Halloween has always been a fun and exciting holiday for children everywhere! It is estimated that almost 94 percent of children between the ages of four and twelve will participate in some type of Halloween activities in a normal year. Picking out the perfect costume, carving pumpkins, and trick or treating for candy makes Halloween one of the most popular holidays besides Christmas.
Even though we are currently in the midst of a pandemic, some parents are still going to set up neighborhood trick or treating events. Parents should ensure that strict health and safety guidelines are followed to keep kids safe. Besides the obvious dangers, such as navigating this virus safely, pedestrian accidents and potential poisonous treats, many child predators use this time of year to try and entice unsuspecting children into their homes. By teaching children a few safety tips, parents can ensure that their children have a fun and safe Halloween! Here is a suggested safety checklist to follow in addition to additional measures recommended by your local and state officials.
1. NEVER allow young children to go out alone! Even if they want to go with a group of their friends, young children under the age of 12 should ALWAYS be accompanied by an adult. Older children should go as a group and stay together at ALL times!
2. Choose light or brightly colored flame retardant costumes so the child can be seen by drivers. Add reflective tape and have them carry a glow stick or flashlight to increase visibility. Choose face paint instead of masks so that the child’s vision won’t be obstructed.
3. Only trick or treat in familiar neighborhoods with well-lit streets. Avoid dark streets and secluded homes.
4. ALWAYS walk a young child to the door to receive their goodies and NEVER allow a child to enter someone’s home for any reason.
5. Children should be taught to walk on the sidewalks and use crosswalks. Children under 12 should not cross the street without an adult.
6. If your child is going as part of a group, make sure they know their home phone number and address in case they become separated from the group. Make sure someone in the group has a cell phone.

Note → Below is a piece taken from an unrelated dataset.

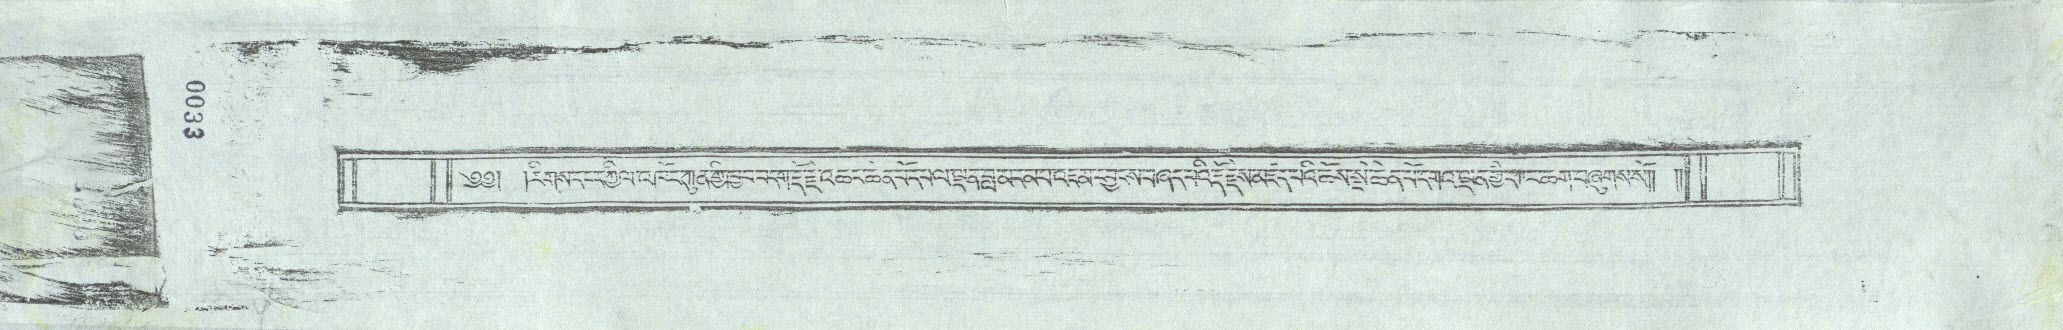༄༅། །རིགས་དང་དཀྱིལ་འཁོར་ཀུན་གྱི་ཁྱབ་བདག་རྡོ་རྗེ་འཆང་ཆེན་པོ་དཔལ་ལྡན་བླ་མ་དམ་པ་འཇམ་དབྱངས་བཞད་པའི་རྡོ་རྗེས་མཛད་པའི་ཆོས་སྡེ་ཆེན་པོ་དགའ་ལྡན་གྱི་དཀར་ཆག་བཞུགས་སོ།། །།

Also teach them how and when to call 911.
7. Teach your child not to approach anyone in a vehicle who tries to call out to them. Tell them to back away from the car and quickly go towards the nearest adult with children.
8. Tell them to scream loudly “Call the Police! Someone please help me!” if someone tries to grab them away from their group. Have someone in the group carry a loud whistle to blow, if they are attacked, and tell all the kids to yell for help and fight back if someone is trying to abduct one of them.
9. *Best recommendation - Instead of going house to house on unfamiliar streets, consider organizing a block party with your neighbors where the kids could stay in your immediate area and have fun.
10. Check all of your child’s treats for signs of tampering before allowing them to eat any of the goodies. If it is unwrapped, faded, smells funny or just doesn’t look right – THROW IT AWAY!
Child safety is important every day of the year and parents should be vigilant at all times. But on a night like Halloween, parents really need to be aware of their surroundings and know that some child predators have planned for months on how they will take advantage of a child. Many police agencies visit known sex offenders prior to Halloween night to remind them not to decorate or give out candy. Sadly, not all sex offenders are properly registered and some will slip through the cracks waiting to strike again.